*Exercise*: Type out every line below exactly as it reads.

*Information shown*:
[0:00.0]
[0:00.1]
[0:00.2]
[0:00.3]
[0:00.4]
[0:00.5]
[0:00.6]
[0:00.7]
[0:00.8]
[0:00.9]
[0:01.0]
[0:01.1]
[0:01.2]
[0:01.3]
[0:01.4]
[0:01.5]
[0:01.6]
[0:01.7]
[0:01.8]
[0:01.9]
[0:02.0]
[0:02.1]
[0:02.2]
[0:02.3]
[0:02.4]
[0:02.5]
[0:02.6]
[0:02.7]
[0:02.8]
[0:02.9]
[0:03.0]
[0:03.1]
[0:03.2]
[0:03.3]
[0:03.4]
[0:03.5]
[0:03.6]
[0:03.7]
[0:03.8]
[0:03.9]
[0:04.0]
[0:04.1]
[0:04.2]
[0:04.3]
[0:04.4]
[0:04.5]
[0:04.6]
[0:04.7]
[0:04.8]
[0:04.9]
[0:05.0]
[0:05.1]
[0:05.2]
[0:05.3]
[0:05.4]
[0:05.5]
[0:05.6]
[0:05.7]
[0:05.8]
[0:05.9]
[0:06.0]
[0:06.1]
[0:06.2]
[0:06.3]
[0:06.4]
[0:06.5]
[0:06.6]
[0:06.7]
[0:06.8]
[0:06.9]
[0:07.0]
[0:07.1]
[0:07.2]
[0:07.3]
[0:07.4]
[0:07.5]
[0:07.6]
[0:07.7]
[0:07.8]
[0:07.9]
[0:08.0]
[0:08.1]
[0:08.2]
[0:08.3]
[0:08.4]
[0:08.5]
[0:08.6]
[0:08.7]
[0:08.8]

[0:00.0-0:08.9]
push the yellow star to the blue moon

*Reply to the exercise*:
[0:00.0]
[0:00.1]
[0:00.2]
[0:00.3]
[0:00.4]
[0:00.5]
[0:00.6]
[0:00.7]
[0:00.8]
[0:00.9]
[0:01.0]
[0:01.1]
[0:01.2]
[0:01.3]
[0:01.4]
[0:01.5]
[0:01.6]
[0:01.7]
[0:01.8]
[0:01.9]
[0:02.0]
[0:02.1]
[0:02.2]
[0:02.3]
[0:02.4]
[0:02.5]
[0:02.6]
[0:02.7]
[0:02.8]
[0:02.9]
[0:03.0]
[0:03.1]
[0:03.2]
[0:03.3]
[0:03.4]
[0:03.5]
[0:03.6]
[0:03.7]
[0:03.8]
[0:03.9]
[0:04.0]
[0:04.1]
[0:04.2]
[0:04.3]
[0:04.4]
[0:04.5]
[0:04.6]
[0:04.7]
[0:04.8]
[0:04.9]
[0:05.0]
[0:05.1]
[0:05.2]
[0:05.3]
[0:05.4]
[0:05.5]
[0:05.6]
[0:05.7]
[0:05.8]
[0:05.9]
[0:06.0]
[0:06.1]
[0:06.2]
[0:06.3]
[0:06.4]
[0:06.5]
[0:06.6]
[0:06.7]
[0:06.8]
[0:06.9]
[0:07.0]
[0:07.1]
[0:07.2]
[0:07.3]
[0:07.4]
[0:07.5]
[0:07.6]
[0:07.7]
[0:07.8]
[0:07.9]
[0:08.0]
[0:08.1]
[0:08.2]
[0:08.3]
[0:08.4]
[0:08.5]
[0:08.6]
[0:08.7]
[0:08.8]

[0:00.0-0:08.9]
push the yellow star to the blue moon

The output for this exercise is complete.